Provided records »
------------------------------------------------------------------------

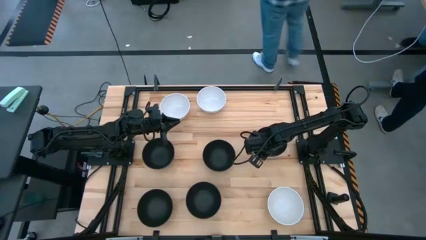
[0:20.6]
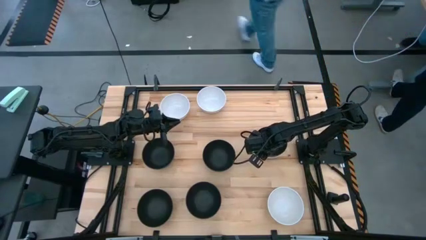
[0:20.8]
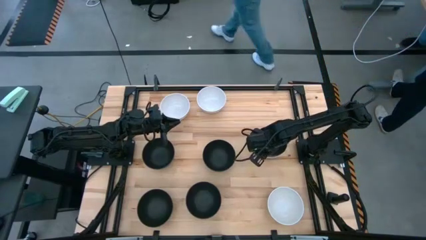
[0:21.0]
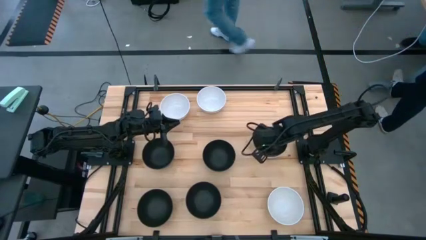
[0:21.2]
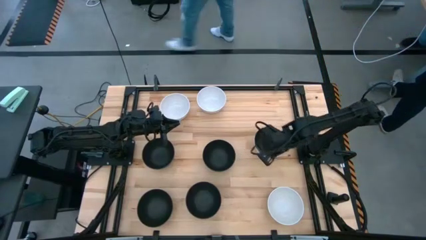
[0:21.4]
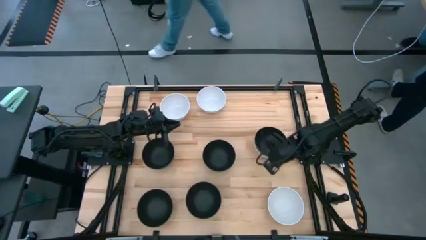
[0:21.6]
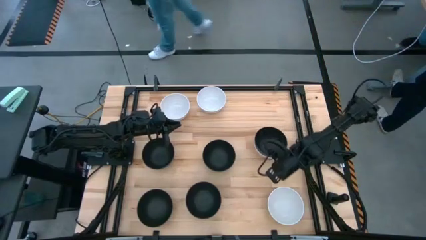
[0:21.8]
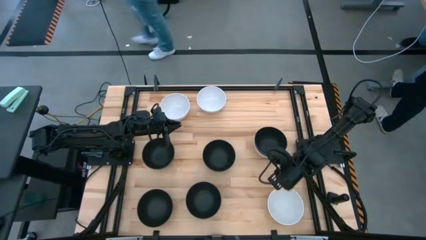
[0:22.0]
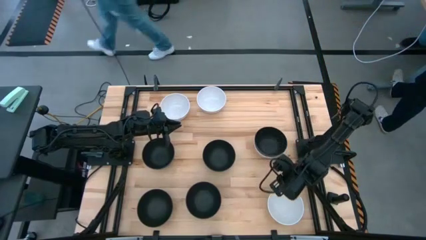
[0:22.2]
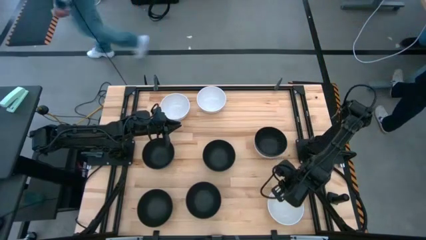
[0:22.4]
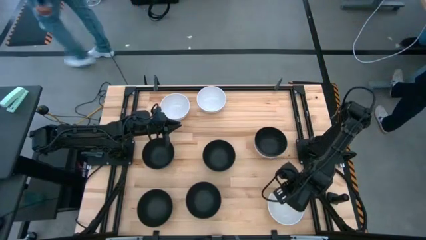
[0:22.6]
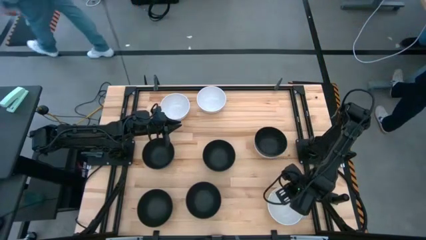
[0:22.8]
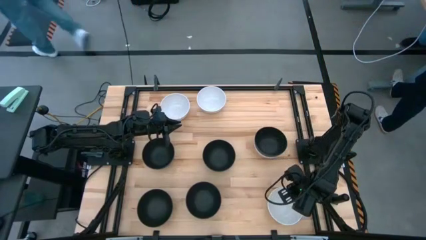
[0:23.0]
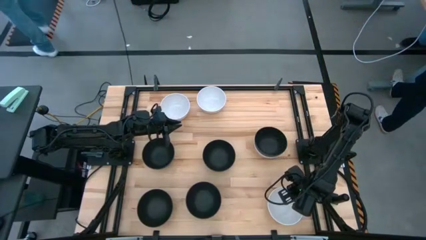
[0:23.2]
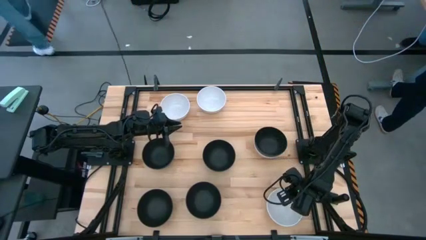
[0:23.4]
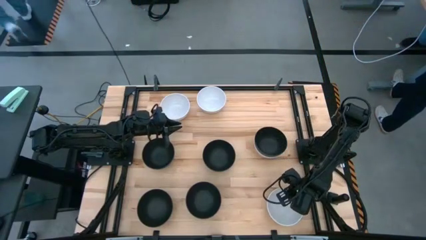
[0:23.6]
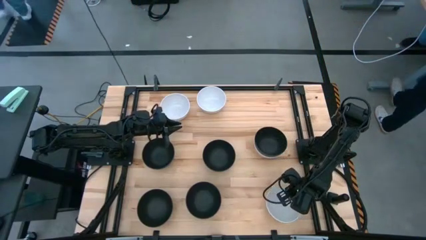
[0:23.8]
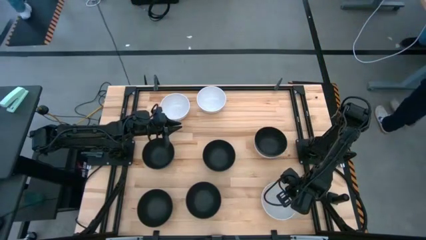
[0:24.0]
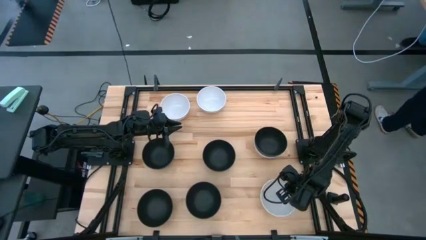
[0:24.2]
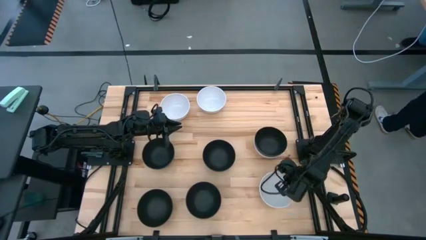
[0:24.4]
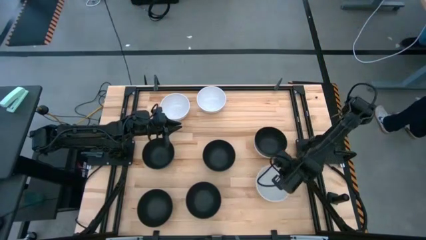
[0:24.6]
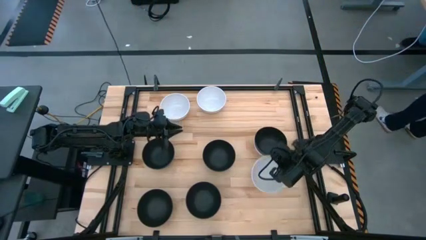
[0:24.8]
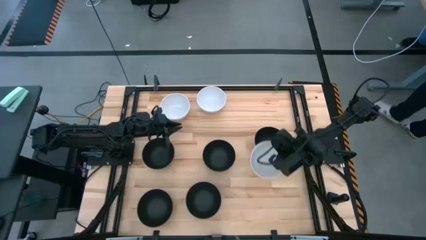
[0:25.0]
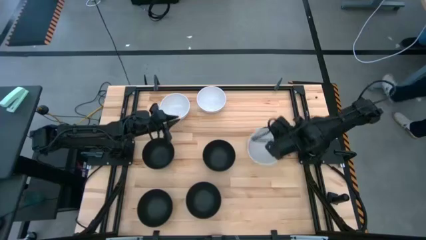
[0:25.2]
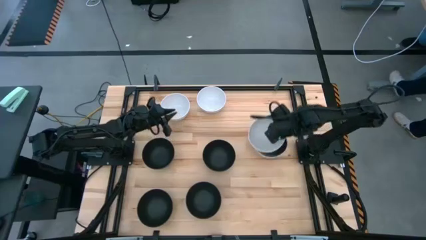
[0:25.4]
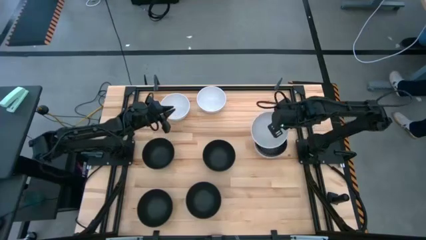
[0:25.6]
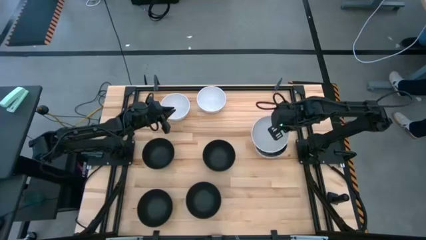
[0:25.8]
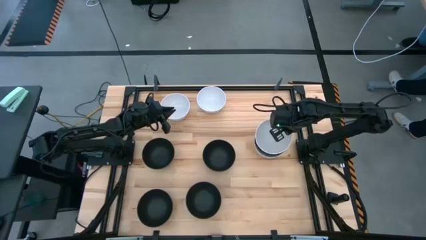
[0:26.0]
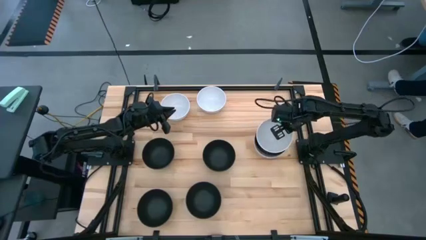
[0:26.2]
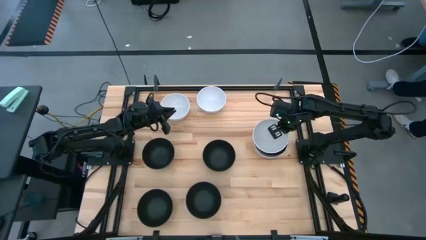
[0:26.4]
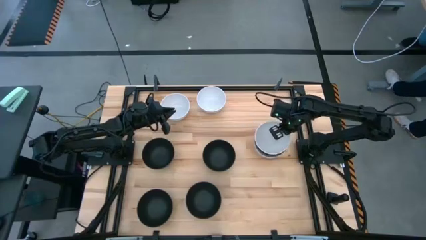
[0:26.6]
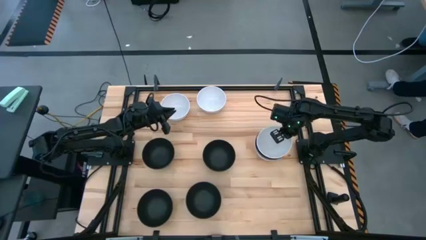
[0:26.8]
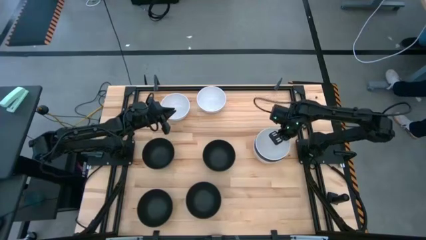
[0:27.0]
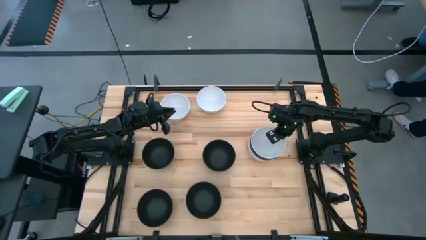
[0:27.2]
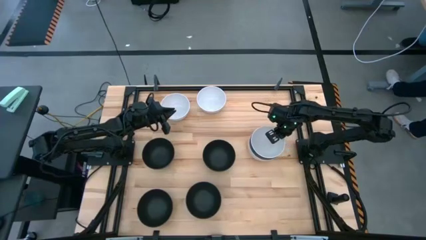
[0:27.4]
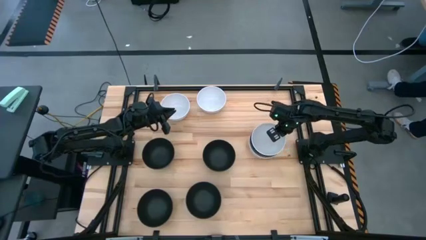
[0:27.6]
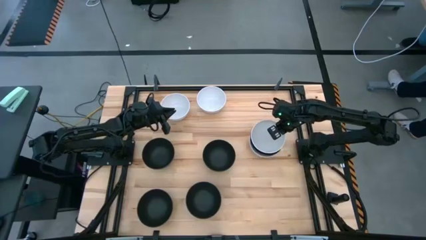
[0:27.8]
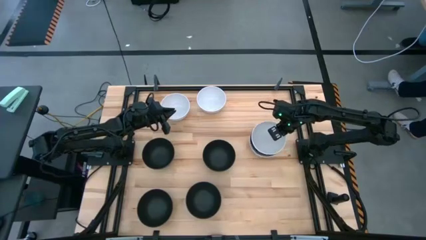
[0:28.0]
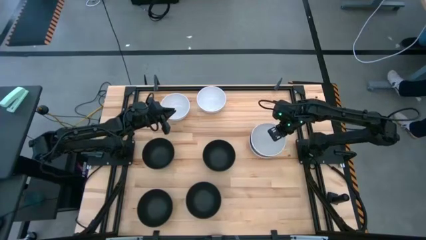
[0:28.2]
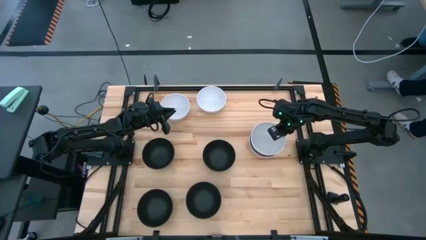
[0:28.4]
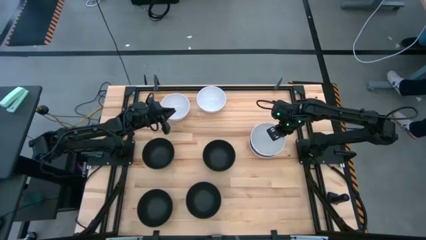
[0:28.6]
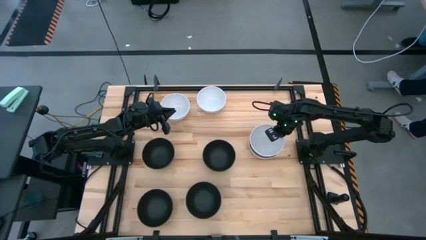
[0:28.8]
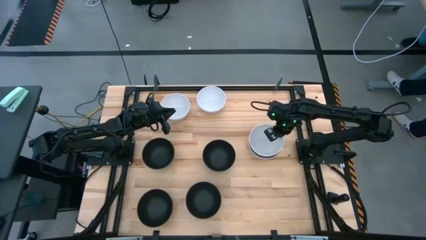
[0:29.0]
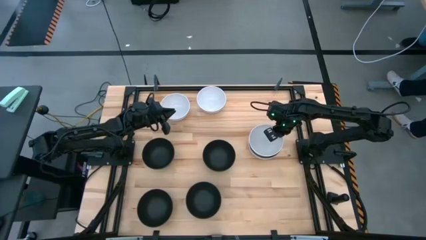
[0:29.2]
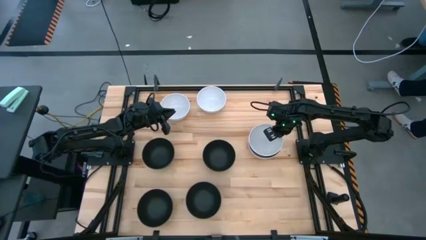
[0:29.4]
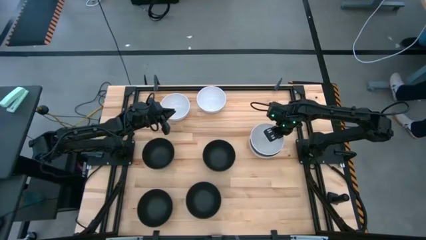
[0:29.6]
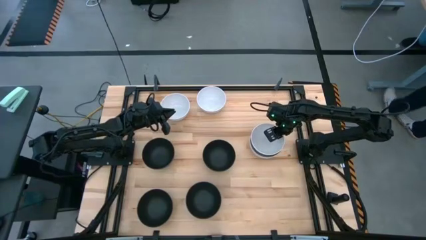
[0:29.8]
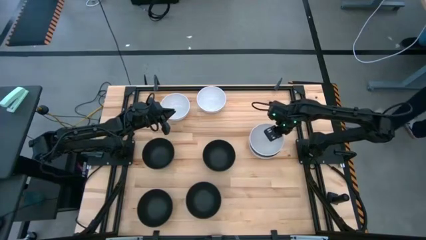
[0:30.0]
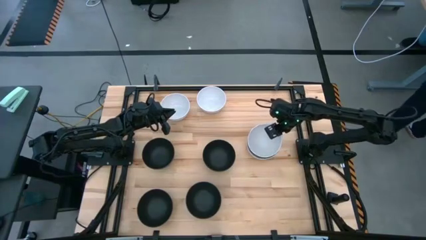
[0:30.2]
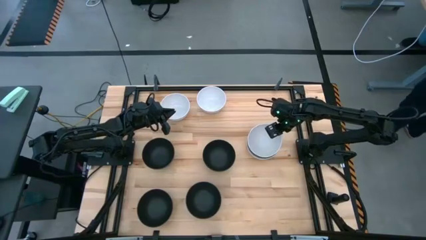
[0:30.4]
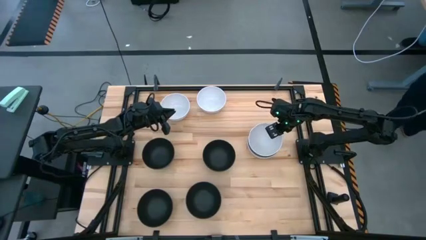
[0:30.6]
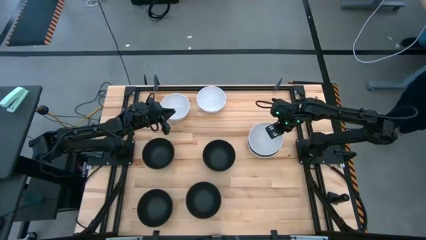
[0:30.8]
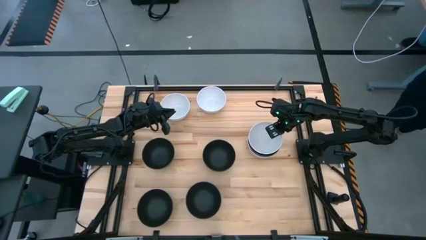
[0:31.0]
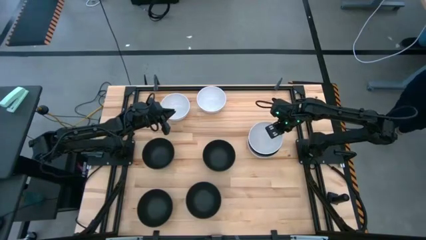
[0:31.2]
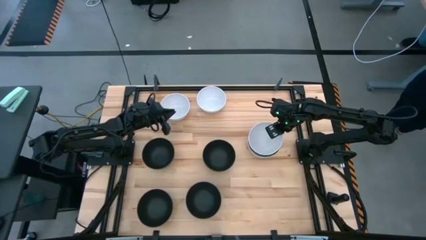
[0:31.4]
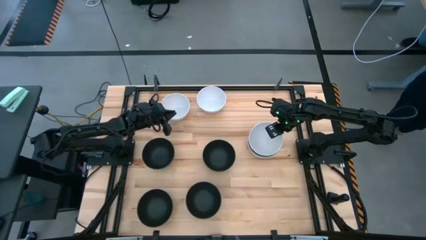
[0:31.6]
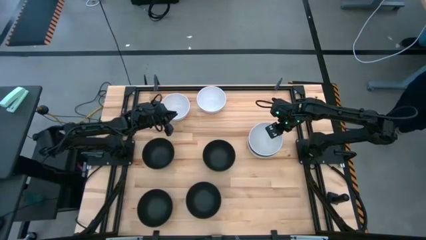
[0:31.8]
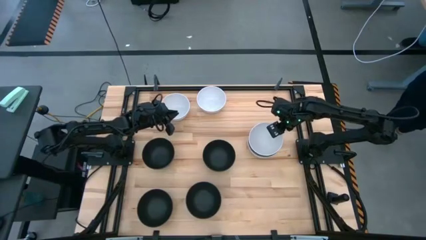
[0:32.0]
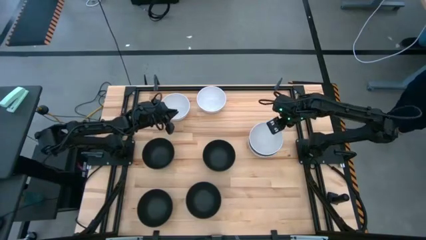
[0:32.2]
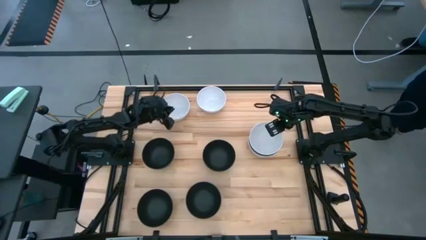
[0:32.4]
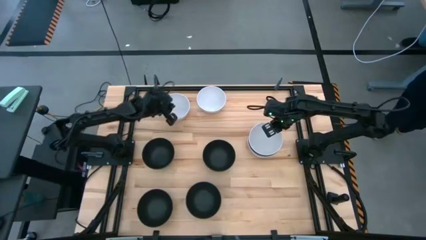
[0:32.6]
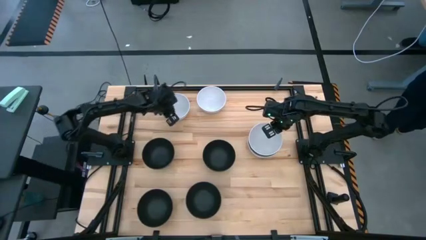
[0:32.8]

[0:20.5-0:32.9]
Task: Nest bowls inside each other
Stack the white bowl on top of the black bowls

------------------------------------------------------------------------

Although the entries contain pictures, reproduce only the rest, exactly as written.

[0:20.6]
[0:20.8]
[0:21.0]
[0:21.2]
[0:21.4]
[0:21.6]
[0:21.8]
[0:22.0]
[0:22.2]
[0:22.4]
[0:22.6]
[0:22.8]
[0:23.0]
[0:23.2]
[0:23.4]
[0:23.6]
[0:23.8]
[0:24.0]
[0:24.2]
[0:24.4]
[0:24.6]
[0:24.8]
[0:25.0]
[0:25.2]
[0:25.4]
[0:25.6]
[0:25.8]
[0:26.0]
[0:26.2]
[0:26.4]
[0:26.6]
[0:26.8]
[0:27.0]
[0:27.2]
[0:27.4]
[0:27.6]
[0:27.8]
[0:28.0]
[0:28.2]
[0:28.4]
[0:28.6]
[0:28.8]
[0:29.0]
[0:29.2]
[0:29.4]
[0:29.6]
[0:29.8]
[0:30.0]
[0:30.2]
[0:30.4]
[0:30.6]
[0:30.8]
[0:31.0]
[0:31.2]
[0:31.4]
[0:31.6]
[0:31.8]
[0:32.0]
[0:32.2]
[0:32.4]
[0:32.6]
[0:32.8]

[0:20.5-0:32.9]
Task: Nest bowls inside each other
Stack the white bowl on top of the black bowls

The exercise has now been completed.